Monday, October 26, 2009

Jinnah Article

The author, Tarun Vijay, is highly biased right from the onset of the article against Jinnah. Whether this bias is justified or not is debatable, but a knower, after reading the article cannot dispute the fact that there is a heavy bias against both, Jinnah as an individual and Jinnah as an institution. This can be justified by looking at the introductory passages in the article where the author tries to co-relate two different events in history (Jinnah’s speech and the Calcutta Massacre) simply on basis of their chronological order. But he does not give the knower adequate evidence about the causality of the Calcutta massacre to substantially validate his claims. For instance, Jinnah’s presidential speech at the Muslim League convention on July 19, 1946, may have been in an entirely different context than what appears in the article thus breaking the link between his speech and the subsequent massacres that followed.

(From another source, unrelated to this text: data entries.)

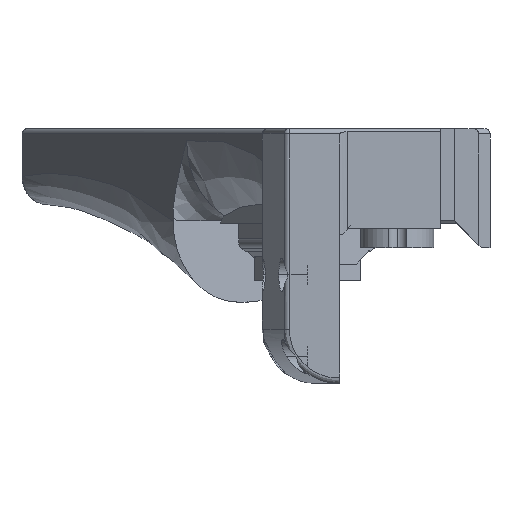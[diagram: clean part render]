
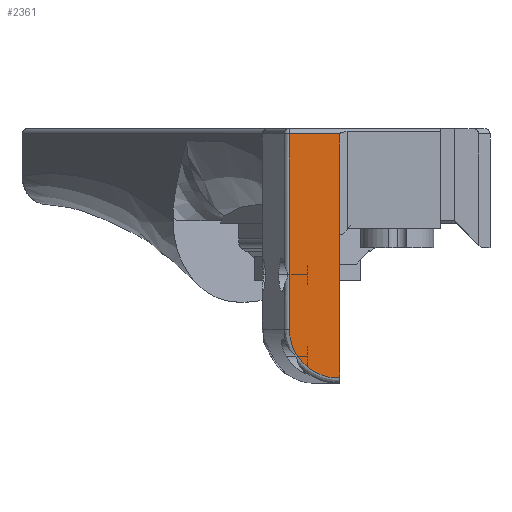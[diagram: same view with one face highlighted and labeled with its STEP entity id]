
A CAD part, left-side view. The second image highlights one B-rep face of the part: STEP entity #2361.
In plain terms, the highlighted planar face has unit normal (-1, 0, 0).
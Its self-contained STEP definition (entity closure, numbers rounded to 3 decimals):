
#242 = ORIENTED_EDGE ( 'NONE', *, *, #6285, .T. ) ;
#377 = ORIENTED_EDGE ( 'NONE', *, *, #5686, .F. ) ;
#1215 = DIRECTION ( 'NONE',  ( 0., 1., 0. ) ) ;
#1251 = DIRECTION ( 'NONE',  ( 1., 0., 0. ) ) ;
#1715 = EDGE_CURVE ( 'NONE', #4431, #6036, #4524, .T. ) ;
#1882 = CARTESIAN_POINT ( 'NONE',  ( -123.139, -220.426, 405.702 ) ) ;
#1973 = CARTESIAN_POINT ( 'NONE',  ( -123.139, -220.426, 432.2 ) ) ;
#2047 = LINE ( 'NONE', #1973, #2653 ) ;
#2161 = EDGE_CURVE ( 'NONE', #4116, #4431, #3813, .T. ) ;
#2226 = VECTOR ( 'NONE', #2778, 1000. ) ;
#2361 = ADVANCED_FACE ( 'NONE', ( #5232 ), #4142, .F. ) ;
#2653 = VECTOR ( 'NONE', #3737, 1000. ) ;
#2778 = DIRECTION ( 'NONE',  ( 0., 0., -1. ) ) ;
#2896 = CARTESIAN_POINT ( 'NONE',  ( -123.139, -220.426, 450.7 ) ) ;
#3456 = DIRECTION ( 'NONE',  ( 0., 0., 1. ) ) ;
#3510 = CARTESIAN_POINT ( 'NONE',  ( -123.139, -214.986, 405.596 ) ) ;
#3632 = CARTESIAN_POINT ( 'NONE',  ( -123.139, -220.426, 404.7 ) ) ;
#3660 = ORIENTED_EDGE ( 'NONE', *, *, #5637, .T. ) ;
#3737 = DIRECTION ( 'NONE',  ( 0., 0., -1. ) ) ;
#3813 = LINE ( 'NONE', #6023, #4456 ) ;
#3940 = CARTESIAN_POINT ( 'NONE',  ( -123.139, -211.101, 409.345 ) ) ;
#4003 = CARTESIAN_POINT ( 'NONE',  ( -123.139, -211.101, 414.7 ) ) ;
#4102 = AXIS2_PLACEMENT_3D ( 'NONE', #4551, #1251, #3456 ) ;
#4116 = VERTEX_POINT ( 'NONE', #2896 ) ;
#4142 = PLANE ( 'NONE',  #4102 ) ;
#4145 = DIRECTION ( 'NONE',  ( 0., 0., 1. ) ) ;
#4288 = VERTEX_POINT ( 'NONE', #4786 ) ;
#4348 = ORIENTED_EDGE ( 'NONE', *, *, #1715, .T. ) ;
#4402 = VERTEX_POINT ( 'NONE', #5613 ) ;
#4431 = VERTEX_POINT ( 'NONE', #5071 ) ;
#4456 = VECTOR ( 'NONE', #1215, 1000. ) ;
#4524 = LINE ( 'NONE', #4003, #2226 ) ;
#4551 = CARTESIAN_POINT ( 'NONE',  ( -123.139, -210.265, 0. ) ) ;
#4786 = CARTESIAN_POINT ( 'NONE',  ( -123.139, -220.426, 432.2 ) ) ;
#4963 = VECTOR ( 'NONE', #4145, 1000. ) ;
#4994 = ORIENTED_EDGE ( 'NONE', *, *, #2161, .T. ) ;
#5071 = CARTESIAN_POINT ( 'NONE',  ( -123.139, -211.101, 450.7 ) ) ;
#5232 = FACE_OUTER_BOUND ( 'NONE', #7071, .T. ) ;
#5385 = LINE ( 'NONE', #3632, #4963 ) ;
#5613 = CARTESIAN_POINT ( 'NONE',  ( -123.139, -220.426, 405.702 ) ) ;
#5637 = EDGE_CURVE ( 'NONE', #4402, #4288, #5385, .T. ) ;
#5686 = EDGE_CURVE ( 'NONE', #4116, #4288, #2047, .T. ) ;
#6023 = CARTESIAN_POINT ( 'NONE',  ( -123.139, -210.265, 450.7 ) ) ;
#6036 = VERTEX_POINT ( 'NONE', #6286 ) ;
#6285 = EDGE_CURVE ( 'NONE', #6036, #4402, #6503, .T. ) ;
#6286 = CARTESIAN_POINT ( 'NONE',  ( -123.139, -211.101, 414.7 ) ) ;
#6503 =( BOUNDED_CURVE ( )  B_SPLINE_CURVE ( 3, ( #6776, #3940, #3510, #1882 ),
 .UNSPECIFIED., .F., .F. ) 
 B_SPLINE_CURVE_WITH_KNOTS ( ( 4, 4 ),
 ( 3.142, 4.732 ),
 .UNSPECIFIED. ) 
 CURVE ( )  GEOMETRIC_REPRESENTATION_ITEM ( )  RATIONAL_B_SPLINE_CURVE ( ( 1., 0.8, 0.8, 1. ) ) 
 REPRESENTATION_ITEM ( '' )  );
#6776 = CARTESIAN_POINT ( 'NONE',  ( -123.139, -211.101, 414.7 ) ) ;
#7071 = EDGE_LOOP ( 'NONE', ( #4348, #242, #3660, #377, #4994 ) ) ;

The author, by citing another eminent personality, even questions the suitability of Jinnah as a leader of a pan-Islamic state, putting forth the argument that he himself had western tastes and Anglican preferences and was the complete opposite of an ‘ideal’ Islamic leader. However this claim too, it can be argued, arises more from an internal and personal hatred, than actual doubts over the leader’s distinct background. It would be near-sightedness to simply characterize a leader simply and only on the basis of their background and personal lives, as is done in the article.

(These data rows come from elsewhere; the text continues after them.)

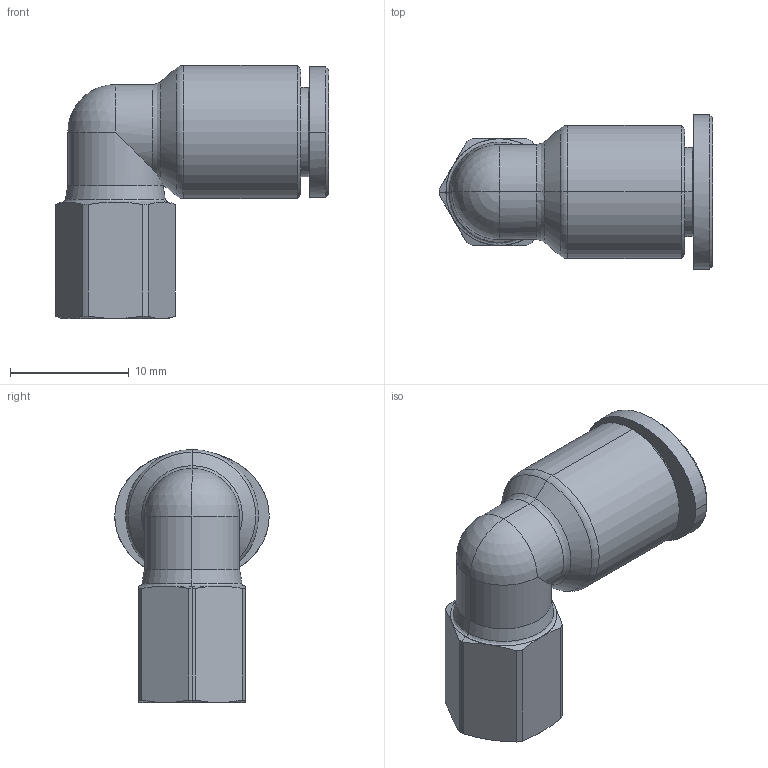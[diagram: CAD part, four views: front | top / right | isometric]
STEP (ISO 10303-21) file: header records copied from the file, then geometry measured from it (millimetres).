
FILE_DESCRIPTION((''),'2;1');
FILE_NAME('GPLF 06M5(3D).stp','2012-12-21T10:08:57',(''),(''),'Mechanical Desktop.R8.0.24.0','Mechanical Desktop.R8.0.24.0',', , ');
FILE_SCHEMA(('CONFIG_CONTROL_DESIGN'));
Length unit declared in the file: millimetre
Products named in the file (2): GPLF 06M5(3D); 睡ヶ1
Assembly tree (1 placements, depth 2):
  GPLF 06M5(3D)
    睡ヶ1
Bounding box: 23 x 13 x 21.3 mm (x, y, z)
Volume: 1959.7 mm3; surface area: 1699.5 mm2
Topology: 1 solids, 1 shells, 283 faces, 754 edges, 485 vertices
Faces by surface type: plane 188, bspline 34, cylinder 31, cone 26, sphere 2, torus 2
Entity records: 9869 total; most frequent: CARTESIAN_POINT 2832, ORIENTED_EDGE 1504, DIRECTION 1370, EDGE_CURVE 752, VECTOR 552, LINE 552, VERTEX_POINT 485, AXIS2_PLACEMENT_3D 409

The author, on a more macrocosmic level, is a very pro-hindu activist. This is evident as he tries to justify and uphold the RSS’s hindutva ideology. There are also cultural references in the article, made by allusions to Gita. The allusions to Gita, in my opinion are present in the article to validate the Hindutva cause and also to appeal to the more religious readers on basis of their emotional attachments to religion.
The direct comparison between Jinnah, the father of Pakistan and Nehru, India’s first president, too, shows shades of bias thus weakening the argument against Jinnah. A major fallacy in the comparison is that while Nehru is looked as a leader whose duty was to protect Indian interests, Jinnah is not looked upon in the same light with respect to Pakistan, instead, he is treated as an Indian leader who betrayed and ‘vivisected’ India, when in reality he was pursuing the birth of his own country.

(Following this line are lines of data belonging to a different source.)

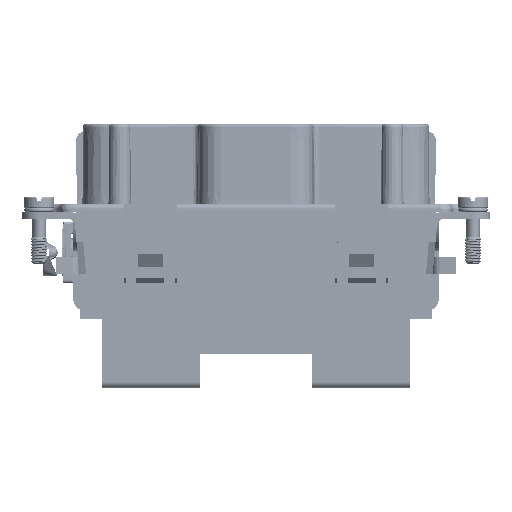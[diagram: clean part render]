
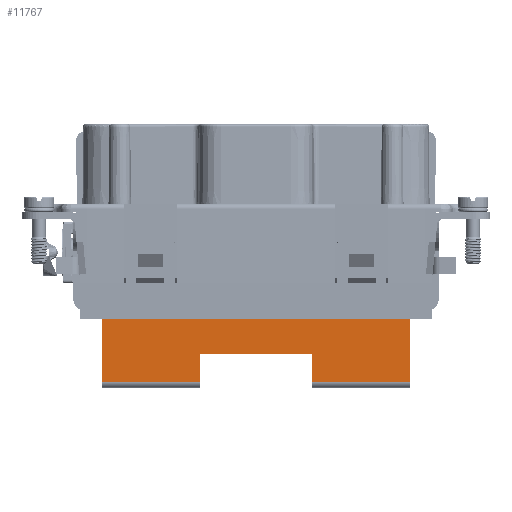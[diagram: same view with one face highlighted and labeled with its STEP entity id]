
A CAD part, front view. The second image highlights one B-rep face of the part: STEP entity #11767.
In plain terms, the highlighted planar face has unit normal (0, -1, 0).
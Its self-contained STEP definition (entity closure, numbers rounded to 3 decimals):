
#11767=ADVANCED_FACE('',(#18899),#15513,.T.);
#15513=PLANE('',#94822);
#18899=FACE_OUTER_BOUND('',#23916,.T.);
#23916=EDGE_LOOP('',(#42254,#42255,#42256,#42257,#42258,#42259,#42260,#42261));
#42254=ORIENTED_EDGE('',*,*,#68942,.F.);
#42255=ORIENTED_EDGE('',*,*,#67910,.T.);
#42256=ORIENTED_EDGE('',*,*,#63214,.T.);
#42257=ORIENTED_EDGE('',*,*,#69514,.F.);
#42258=ORIENTED_EDGE('',*,*,#62278,.F.);
#42259=ORIENTED_EDGE('',*,*,#68036,.F.);
#42260=ORIENTED_EDGE('',*,*,#69515,.T.);
#42261=ORIENTED_EDGE('',*,*,#69516,.T.);
#53212=VERTEX_POINT('',#124161);
#53213=VERTEX_POINT('',#124163);
#53827=VERTEX_POINT('',#126221);
#53828=VERTEX_POINT('',#126223);
#57013=VERTEX_POINT('',#177242);
#57103=VERTEX_POINT('',#177508);
#57655=VERTEX_POINT('',#179350);
#57998=VERTEX_POINT('',#180488);
#62278=EDGE_CURVE('',#53212,#53213,#75102,.T.);
#63214=EDGE_CURVE('',#53828,#53827,#75793,.T.);
#67910=EDGE_CURVE('',#57013,#53828,#78833,.T.);
#68036=EDGE_CURVE('',#57103,#53212,#78920,.T.);
#68942=EDGE_CURVE('',#57013,#57655,#79735,.T.);
#69514=EDGE_CURVE('',#53213,#53827,#80241,.T.);
#69515=EDGE_CURVE('',#57103,#57998,#80242,.T.);
#69516=EDGE_CURVE('',#57998,#57655,#80243,.T.);
#75102=LINE('',#124162,#82945);
#75793=LINE('',#126222,#83636);
#78833=LINE('',#177244,#86676);
#78920=LINE('',#177509,#86763);
#79735=LINE('',#179349,#87578);
#80241=LINE('',#180486,#88084);
#80242=LINE('',#180487,#88085);
#80243=LINE('',#180489,#88086);
#82945=VECTOR('',#99664,1.);
#83636=VECTOR('',#101509,1.);
#86676=VECTOR('',#110751,1.);
#86763=VECTOR('',#111014,1.);
#87578=VECTOR('',#112665,1.);
#88084=VECTOR('',#113683,1.);
#88085=VECTOR('',#113684,1.);
#88086=VECTOR('',#113685,1.);
#94822=AXIS2_PLACEMENT_3D('',#180490,#113686,#113687);
#99664=DIRECTION('',(0.,0.,1.));
#101509=DIRECTION('',(0.,0.,1.));
#110751=DIRECTION('',(1.,0.,0.));
#111014=DIRECTION('',(-1.,0.,0.));
#112665=DIRECTION('',(0.,0.,1.));
#113683=DIRECTION('',(1.,0.,0.));
#113684=DIRECTION('',(0.,0.,1.));
#113685=DIRECTION('',(1.,0.,0.));
#113686=DIRECTION('',(0.,-1.,0.));
#113687=DIRECTION('',(0.,0.,-1.));
#124161=CARTESIAN_POINT('',(-27.45,-15.45,-5.));
#124162=CARTESIAN_POINT('',(-27.45,-15.45,-5.5));
#124163=CARTESIAN_POINT('',(-27.45,-15.45,6.3));
#126221=CARTESIAN_POINT('',(27.45,-15.45,6.3));
#126222=CARTESIAN_POINT('',(27.45,-15.45,-5.5));
#126223=CARTESIAN_POINT('',(27.45,-15.45,-5.));
#177242=CARTESIAN_POINT('',(10.,-15.45,-5.));
#177244=CARTESIAN_POINT('',(27.45,-15.45,-5.));
#177508=CARTESIAN_POINT('',(-10.,-15.45,-5.));
#177509=CARTESIAN_POINT('',(-27.45,-15.45,-5.));
#179349=CARTESIAN_POINT('',(10.,-15.45,-5.5));
#179350=CARTESIAN_POINT('',(10.,-15.45,0.));
#180486=CARTESIAN_POINT('',(10.,-15.45,6.3));
#180487=CARTESIAN_POINT('',(-10.,-15.45,-5.5));
#180488=CARTESIAN_POINT('',(-10.,-15.45,0.));
#180489=CARTESIAN_POINT('',(0.,-15.45,0.));
#180490=CARTESIAN_POINT('',(10.,-15.45,-5.5));

It is difficult to establish the main purpose or knowledge issue of the article as various arguments are raised throughout the length of the article, initiating from Jinnah’s role in the Calcutta massacre to his personal background and eventually to the RSS’s hindutva ideology. However when put in context with the background timing of the article, one can make immediate sense by understanding the authors frustrations with the Jinnah issue continuously marring his beloved BJP through controversies created first by L.K.Advani and then by Jaswanth Singh. The apparent purpose of the article would only be to reignite the now calming fire against Jinnah as an individual amongst the leaders and workers of the BJP and the general public as a whole.